Instructions:
This is an overcoming isometric performed on a portable edge like a Tension Block, or an unlevel edge. The device is attached to a load platform, squat rack or other device to create infinite load. We’re looking for a 3-5 second time under tension on each pull; that’s after the initial 1-2 seconds to come up to maximum force. Don’t worry about generating force quickly. This is a maximum strength exercise.
This is an isolated finger curl exercise, which means the goal is to avoid involving the arm, shoulder, back and legs. Just curl with your finger flexors as much as possible. This makes the exercise faster, more predictable, and easier to recover from; if you’re performing it outside using a sling around your foot, it also makes it more comfortable!
The setup is exactly the same as the one I use in this finger curl warmup video. The difference is that these curls should be more maximal (85-95% intensity unless otherwise specified by your plan.)
For single curls, rest between reps until you are ready to give another maximum effort – at least 1-2 minutes per arm.
Your plan may specify to do these curls in a “clustered” fashion, like “3x 2-3” – in this case, rest 5-10 seconds and curl again for the number of reps, then rest 1-2 minutes per arm before your next set.
Measuring with a force gauge like a Tindeq
If desired, you can measure this test to see how recovered your fingers are. If doing this, I suggest making sure you’re fully warmed up, and taking the first set to 100% effort. Then you can target 85-95% of that number for subsequent reps. Ideally, only perform an all-out 100% effort every 3-4 weeks.
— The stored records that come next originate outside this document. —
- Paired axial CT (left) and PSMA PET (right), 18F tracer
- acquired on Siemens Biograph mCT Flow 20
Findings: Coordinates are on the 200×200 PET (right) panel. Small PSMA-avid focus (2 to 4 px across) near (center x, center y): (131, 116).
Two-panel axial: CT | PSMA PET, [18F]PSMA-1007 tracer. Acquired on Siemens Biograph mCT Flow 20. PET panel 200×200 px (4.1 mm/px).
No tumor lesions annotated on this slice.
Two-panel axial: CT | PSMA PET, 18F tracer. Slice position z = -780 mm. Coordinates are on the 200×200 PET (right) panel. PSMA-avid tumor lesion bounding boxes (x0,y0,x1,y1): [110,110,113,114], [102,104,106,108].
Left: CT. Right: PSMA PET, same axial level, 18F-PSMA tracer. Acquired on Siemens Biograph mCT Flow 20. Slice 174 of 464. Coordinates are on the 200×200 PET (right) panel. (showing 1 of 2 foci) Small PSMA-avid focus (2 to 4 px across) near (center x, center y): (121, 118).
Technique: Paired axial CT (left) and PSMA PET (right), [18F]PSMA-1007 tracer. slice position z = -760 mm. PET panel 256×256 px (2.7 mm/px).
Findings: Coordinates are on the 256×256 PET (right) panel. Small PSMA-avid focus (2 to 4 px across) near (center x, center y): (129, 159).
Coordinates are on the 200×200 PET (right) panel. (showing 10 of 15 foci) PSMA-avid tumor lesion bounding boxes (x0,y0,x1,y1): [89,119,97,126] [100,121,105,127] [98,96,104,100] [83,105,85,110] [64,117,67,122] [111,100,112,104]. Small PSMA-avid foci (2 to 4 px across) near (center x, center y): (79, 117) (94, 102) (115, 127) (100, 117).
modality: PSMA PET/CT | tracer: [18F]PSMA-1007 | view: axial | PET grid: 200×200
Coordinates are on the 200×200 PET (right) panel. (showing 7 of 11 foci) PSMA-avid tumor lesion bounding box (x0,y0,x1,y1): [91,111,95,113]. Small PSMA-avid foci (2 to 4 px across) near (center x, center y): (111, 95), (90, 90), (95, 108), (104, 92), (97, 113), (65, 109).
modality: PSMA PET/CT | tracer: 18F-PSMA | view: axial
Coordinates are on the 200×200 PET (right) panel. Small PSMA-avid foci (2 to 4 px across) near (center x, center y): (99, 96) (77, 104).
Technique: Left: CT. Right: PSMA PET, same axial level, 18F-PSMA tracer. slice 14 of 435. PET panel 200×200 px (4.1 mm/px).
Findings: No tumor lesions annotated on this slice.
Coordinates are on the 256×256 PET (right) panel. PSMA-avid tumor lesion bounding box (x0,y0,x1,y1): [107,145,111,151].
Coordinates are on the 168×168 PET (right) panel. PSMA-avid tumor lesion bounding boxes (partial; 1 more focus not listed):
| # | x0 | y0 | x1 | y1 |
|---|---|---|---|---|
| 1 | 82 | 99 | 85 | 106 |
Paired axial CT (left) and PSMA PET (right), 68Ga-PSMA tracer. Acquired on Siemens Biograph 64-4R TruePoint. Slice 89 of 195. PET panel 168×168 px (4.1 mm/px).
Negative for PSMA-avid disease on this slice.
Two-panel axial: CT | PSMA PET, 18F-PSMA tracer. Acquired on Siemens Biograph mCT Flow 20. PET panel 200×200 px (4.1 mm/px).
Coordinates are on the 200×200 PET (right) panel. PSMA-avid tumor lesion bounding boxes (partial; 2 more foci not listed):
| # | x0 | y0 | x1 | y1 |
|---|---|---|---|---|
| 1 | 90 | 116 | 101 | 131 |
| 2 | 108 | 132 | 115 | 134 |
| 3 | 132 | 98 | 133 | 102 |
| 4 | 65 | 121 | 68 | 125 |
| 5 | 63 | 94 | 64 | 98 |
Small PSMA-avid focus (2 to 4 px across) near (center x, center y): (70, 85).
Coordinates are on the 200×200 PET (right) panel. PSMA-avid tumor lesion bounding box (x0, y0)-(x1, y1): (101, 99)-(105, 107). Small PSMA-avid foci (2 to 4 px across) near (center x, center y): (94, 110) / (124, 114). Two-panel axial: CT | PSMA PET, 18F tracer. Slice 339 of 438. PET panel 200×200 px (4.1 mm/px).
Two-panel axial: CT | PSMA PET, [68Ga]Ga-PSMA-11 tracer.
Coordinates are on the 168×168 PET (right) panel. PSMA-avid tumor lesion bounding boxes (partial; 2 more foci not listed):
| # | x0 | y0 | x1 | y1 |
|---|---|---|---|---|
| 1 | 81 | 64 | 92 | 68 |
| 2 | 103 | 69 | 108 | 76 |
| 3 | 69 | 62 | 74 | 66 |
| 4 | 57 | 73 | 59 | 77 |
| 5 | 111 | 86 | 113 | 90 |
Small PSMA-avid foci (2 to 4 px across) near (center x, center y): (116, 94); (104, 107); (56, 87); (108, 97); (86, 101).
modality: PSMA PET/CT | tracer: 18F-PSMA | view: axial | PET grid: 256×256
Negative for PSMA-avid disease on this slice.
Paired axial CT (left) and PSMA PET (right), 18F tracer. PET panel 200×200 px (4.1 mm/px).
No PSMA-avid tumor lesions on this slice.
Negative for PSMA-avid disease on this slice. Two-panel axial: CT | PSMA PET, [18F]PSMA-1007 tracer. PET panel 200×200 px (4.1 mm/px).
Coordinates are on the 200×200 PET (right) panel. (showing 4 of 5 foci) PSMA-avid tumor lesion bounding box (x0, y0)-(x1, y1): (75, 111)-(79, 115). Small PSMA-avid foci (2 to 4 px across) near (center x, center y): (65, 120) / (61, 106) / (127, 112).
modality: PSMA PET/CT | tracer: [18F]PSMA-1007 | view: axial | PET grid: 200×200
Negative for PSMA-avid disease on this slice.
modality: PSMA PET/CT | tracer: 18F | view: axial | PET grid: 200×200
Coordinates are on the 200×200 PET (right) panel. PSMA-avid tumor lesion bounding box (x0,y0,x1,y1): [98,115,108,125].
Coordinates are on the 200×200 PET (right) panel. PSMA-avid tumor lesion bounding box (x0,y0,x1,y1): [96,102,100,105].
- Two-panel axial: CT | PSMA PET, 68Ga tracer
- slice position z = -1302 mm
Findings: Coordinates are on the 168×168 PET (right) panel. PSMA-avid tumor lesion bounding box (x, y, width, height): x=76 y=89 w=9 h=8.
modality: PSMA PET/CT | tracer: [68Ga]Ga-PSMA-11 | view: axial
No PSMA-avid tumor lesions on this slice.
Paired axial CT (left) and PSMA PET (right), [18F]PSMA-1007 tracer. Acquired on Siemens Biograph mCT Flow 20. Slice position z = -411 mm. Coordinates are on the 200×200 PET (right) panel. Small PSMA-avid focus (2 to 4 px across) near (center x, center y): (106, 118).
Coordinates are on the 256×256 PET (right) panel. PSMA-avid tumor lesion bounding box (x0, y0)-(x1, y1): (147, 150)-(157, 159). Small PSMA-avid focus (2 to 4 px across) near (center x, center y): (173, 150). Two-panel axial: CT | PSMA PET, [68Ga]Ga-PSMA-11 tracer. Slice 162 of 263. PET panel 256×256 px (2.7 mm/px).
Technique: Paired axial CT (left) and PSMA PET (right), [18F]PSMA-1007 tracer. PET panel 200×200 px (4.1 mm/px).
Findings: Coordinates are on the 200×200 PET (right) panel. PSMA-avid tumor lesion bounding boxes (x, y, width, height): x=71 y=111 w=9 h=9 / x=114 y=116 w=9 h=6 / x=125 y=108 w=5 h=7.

Even having a “rough guideline” for your normal 100% number should result in an understanding of how recovered you are when you pull to a perceived 85-95% effort. Usually, it will be close. If it’s particularly good, it’s a great day to try hard. If it’s a bit lower than usual, NBD. If it’s significantly worse than usual, consider resting or doing something else instead of continuing with your session.